How to complete this task
In the records, find each line where "rect" occurs, and copy it.

Exercise materials
***
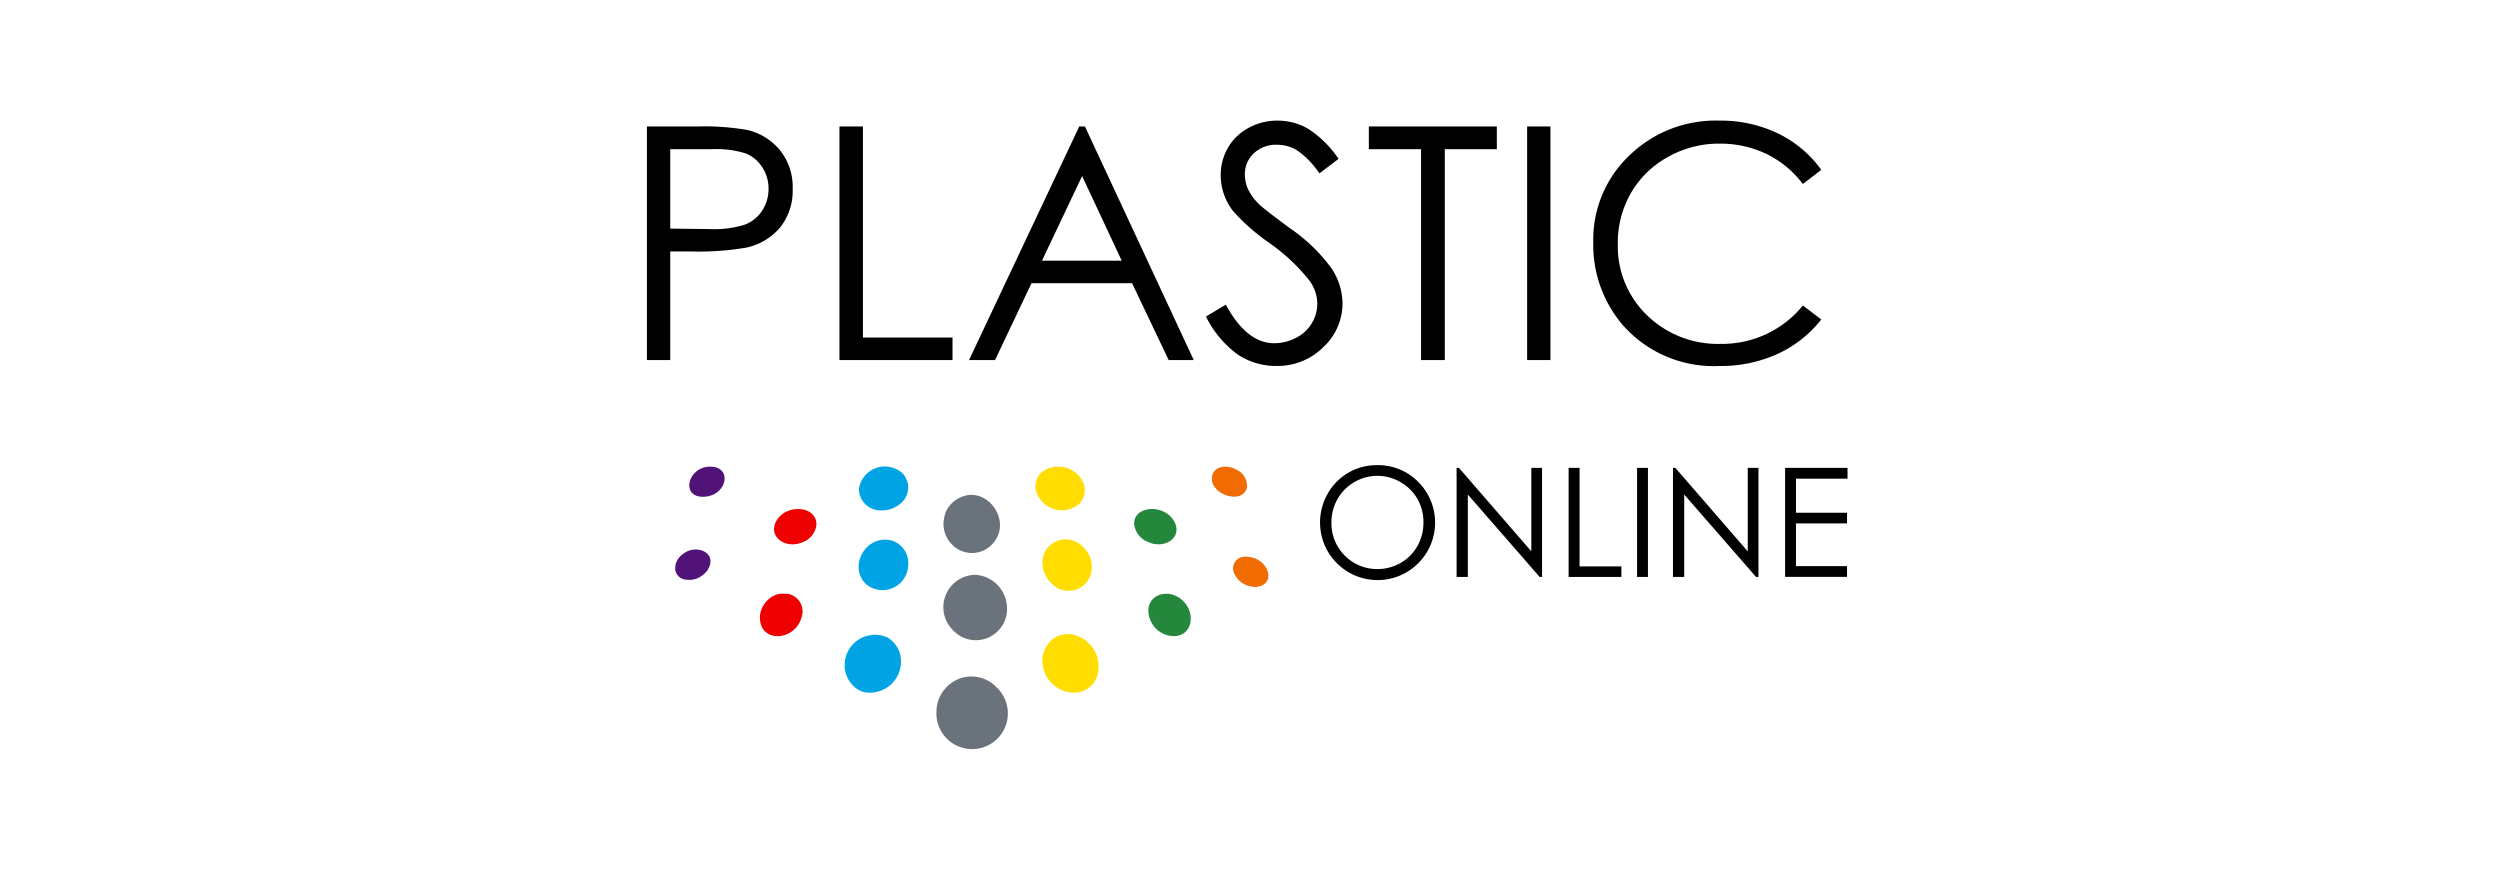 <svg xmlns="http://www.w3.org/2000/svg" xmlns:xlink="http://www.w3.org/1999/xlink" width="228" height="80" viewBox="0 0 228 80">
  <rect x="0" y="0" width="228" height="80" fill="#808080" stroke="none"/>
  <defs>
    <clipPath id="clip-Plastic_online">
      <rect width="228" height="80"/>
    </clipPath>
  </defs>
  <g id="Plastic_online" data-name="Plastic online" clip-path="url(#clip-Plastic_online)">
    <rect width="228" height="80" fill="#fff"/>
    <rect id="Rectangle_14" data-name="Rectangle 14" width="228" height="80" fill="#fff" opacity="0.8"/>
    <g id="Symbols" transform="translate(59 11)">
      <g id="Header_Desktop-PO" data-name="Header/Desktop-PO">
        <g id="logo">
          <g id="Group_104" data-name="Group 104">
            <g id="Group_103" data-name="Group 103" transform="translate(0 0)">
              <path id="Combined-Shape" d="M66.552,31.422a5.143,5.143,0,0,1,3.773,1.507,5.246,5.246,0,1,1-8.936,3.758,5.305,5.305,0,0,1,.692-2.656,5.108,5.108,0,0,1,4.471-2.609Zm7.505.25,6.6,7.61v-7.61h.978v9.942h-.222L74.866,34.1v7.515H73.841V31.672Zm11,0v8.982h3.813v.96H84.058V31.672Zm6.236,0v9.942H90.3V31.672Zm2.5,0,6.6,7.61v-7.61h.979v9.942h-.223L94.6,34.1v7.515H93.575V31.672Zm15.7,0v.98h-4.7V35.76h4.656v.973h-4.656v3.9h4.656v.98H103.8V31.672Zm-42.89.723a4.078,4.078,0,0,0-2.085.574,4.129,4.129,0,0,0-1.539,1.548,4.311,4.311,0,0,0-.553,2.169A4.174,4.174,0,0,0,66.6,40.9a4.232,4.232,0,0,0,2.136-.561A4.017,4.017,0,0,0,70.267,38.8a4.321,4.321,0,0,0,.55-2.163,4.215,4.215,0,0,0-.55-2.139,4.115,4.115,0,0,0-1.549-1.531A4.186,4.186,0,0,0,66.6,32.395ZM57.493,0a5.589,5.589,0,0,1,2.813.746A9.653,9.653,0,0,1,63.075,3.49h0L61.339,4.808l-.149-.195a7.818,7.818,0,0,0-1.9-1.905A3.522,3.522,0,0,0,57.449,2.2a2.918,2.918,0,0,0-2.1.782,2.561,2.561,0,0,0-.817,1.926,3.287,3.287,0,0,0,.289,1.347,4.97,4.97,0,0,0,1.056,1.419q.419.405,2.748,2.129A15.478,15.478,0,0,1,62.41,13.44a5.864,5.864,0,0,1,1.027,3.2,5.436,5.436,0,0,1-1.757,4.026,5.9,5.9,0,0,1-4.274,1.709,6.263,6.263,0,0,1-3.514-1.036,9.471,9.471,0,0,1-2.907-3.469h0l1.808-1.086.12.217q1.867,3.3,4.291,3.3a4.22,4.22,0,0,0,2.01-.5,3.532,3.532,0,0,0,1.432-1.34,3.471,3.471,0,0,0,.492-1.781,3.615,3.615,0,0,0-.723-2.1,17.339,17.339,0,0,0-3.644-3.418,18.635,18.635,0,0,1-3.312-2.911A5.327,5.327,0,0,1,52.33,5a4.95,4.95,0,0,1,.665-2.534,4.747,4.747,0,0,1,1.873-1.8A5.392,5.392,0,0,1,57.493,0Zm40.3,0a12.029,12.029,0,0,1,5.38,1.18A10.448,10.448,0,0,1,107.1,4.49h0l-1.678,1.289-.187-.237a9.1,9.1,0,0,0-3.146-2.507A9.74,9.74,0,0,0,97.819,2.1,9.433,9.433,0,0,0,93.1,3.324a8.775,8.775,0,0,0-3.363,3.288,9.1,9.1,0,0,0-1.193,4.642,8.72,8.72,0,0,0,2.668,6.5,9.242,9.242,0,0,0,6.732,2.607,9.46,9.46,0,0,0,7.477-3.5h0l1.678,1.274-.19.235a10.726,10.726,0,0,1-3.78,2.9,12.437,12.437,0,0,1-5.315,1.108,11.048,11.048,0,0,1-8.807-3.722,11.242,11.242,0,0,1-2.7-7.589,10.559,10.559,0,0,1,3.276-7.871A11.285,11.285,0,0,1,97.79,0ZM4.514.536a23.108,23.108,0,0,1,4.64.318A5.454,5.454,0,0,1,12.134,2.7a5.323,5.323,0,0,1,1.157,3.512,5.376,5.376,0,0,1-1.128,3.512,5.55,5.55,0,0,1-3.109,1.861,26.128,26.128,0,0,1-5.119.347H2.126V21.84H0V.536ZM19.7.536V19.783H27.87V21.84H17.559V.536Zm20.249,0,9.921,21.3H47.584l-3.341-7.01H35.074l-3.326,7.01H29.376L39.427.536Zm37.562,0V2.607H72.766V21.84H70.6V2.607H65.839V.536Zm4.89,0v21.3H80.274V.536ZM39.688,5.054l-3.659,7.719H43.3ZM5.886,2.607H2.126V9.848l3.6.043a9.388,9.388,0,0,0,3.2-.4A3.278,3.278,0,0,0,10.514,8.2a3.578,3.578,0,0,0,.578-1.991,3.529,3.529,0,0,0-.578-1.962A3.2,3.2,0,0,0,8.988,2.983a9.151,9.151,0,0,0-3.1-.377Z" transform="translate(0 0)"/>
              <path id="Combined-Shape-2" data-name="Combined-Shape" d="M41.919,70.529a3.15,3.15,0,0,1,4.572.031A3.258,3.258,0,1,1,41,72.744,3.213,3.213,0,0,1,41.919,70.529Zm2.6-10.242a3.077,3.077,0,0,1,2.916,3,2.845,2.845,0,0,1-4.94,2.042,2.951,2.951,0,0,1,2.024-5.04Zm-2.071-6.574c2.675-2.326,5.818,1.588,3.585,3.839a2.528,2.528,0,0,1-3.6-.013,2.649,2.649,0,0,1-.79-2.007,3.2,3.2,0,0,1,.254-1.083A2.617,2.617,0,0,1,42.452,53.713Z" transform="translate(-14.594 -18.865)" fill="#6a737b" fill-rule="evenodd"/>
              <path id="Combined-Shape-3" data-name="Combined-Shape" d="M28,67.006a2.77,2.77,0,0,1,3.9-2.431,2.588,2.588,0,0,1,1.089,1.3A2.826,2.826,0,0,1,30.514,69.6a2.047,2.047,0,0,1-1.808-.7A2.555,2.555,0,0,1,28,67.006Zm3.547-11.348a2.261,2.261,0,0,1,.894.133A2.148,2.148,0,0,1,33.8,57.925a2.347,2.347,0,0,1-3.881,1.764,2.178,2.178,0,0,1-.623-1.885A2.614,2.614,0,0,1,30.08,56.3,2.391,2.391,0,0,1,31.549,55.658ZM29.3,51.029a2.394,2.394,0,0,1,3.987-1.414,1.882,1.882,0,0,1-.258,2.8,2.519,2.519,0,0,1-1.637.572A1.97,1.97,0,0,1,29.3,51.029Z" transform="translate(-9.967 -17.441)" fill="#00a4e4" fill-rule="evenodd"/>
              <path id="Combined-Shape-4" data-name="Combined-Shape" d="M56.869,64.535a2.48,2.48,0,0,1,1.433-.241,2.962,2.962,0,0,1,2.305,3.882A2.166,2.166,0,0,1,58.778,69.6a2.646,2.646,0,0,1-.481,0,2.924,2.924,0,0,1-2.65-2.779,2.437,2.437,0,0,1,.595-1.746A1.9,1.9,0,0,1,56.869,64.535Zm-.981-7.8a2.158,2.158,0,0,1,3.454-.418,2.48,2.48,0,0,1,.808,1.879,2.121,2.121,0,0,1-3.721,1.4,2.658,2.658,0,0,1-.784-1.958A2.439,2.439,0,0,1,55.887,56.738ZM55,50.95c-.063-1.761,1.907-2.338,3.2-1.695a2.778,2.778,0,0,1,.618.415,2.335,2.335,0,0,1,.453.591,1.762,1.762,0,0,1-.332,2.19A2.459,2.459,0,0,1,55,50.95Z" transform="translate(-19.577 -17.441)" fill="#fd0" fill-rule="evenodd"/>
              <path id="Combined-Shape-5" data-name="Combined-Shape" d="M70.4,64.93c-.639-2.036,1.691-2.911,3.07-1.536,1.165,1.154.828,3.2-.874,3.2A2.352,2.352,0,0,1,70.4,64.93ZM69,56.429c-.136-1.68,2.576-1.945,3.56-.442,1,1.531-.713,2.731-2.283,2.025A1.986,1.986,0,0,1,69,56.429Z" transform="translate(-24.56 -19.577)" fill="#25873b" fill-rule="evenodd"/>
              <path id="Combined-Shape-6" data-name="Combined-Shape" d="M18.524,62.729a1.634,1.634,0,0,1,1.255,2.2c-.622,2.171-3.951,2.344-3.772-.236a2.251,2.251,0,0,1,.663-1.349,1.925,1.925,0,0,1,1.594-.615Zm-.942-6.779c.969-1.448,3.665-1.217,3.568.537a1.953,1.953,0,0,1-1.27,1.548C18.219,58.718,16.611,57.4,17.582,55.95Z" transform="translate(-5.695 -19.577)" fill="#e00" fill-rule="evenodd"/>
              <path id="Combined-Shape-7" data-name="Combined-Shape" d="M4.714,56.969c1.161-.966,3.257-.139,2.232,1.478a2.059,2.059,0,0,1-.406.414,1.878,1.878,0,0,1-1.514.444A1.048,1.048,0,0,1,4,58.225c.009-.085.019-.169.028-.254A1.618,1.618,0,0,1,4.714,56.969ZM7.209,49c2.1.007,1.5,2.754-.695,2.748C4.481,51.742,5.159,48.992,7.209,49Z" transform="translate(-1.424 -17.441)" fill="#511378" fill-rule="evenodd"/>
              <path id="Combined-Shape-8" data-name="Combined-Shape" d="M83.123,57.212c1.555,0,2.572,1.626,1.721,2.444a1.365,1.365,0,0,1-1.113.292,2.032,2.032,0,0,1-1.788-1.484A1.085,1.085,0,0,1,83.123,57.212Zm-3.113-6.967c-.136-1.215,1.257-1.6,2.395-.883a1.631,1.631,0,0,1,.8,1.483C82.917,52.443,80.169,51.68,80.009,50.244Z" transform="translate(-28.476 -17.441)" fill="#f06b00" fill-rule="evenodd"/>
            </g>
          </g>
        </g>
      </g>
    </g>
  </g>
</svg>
***
Task output
  <rect x="0" y="0" width="228" height="80" fill="#808080" stroke="none"/>
      <rect width="228" height="80"/>
    <rect width="228" height="80" fill="#fff"/>
    <rect id="Rectangle_14" data-name="Rectangle 14" width="228" height="80" fill="#fff" opacity="0.8"/>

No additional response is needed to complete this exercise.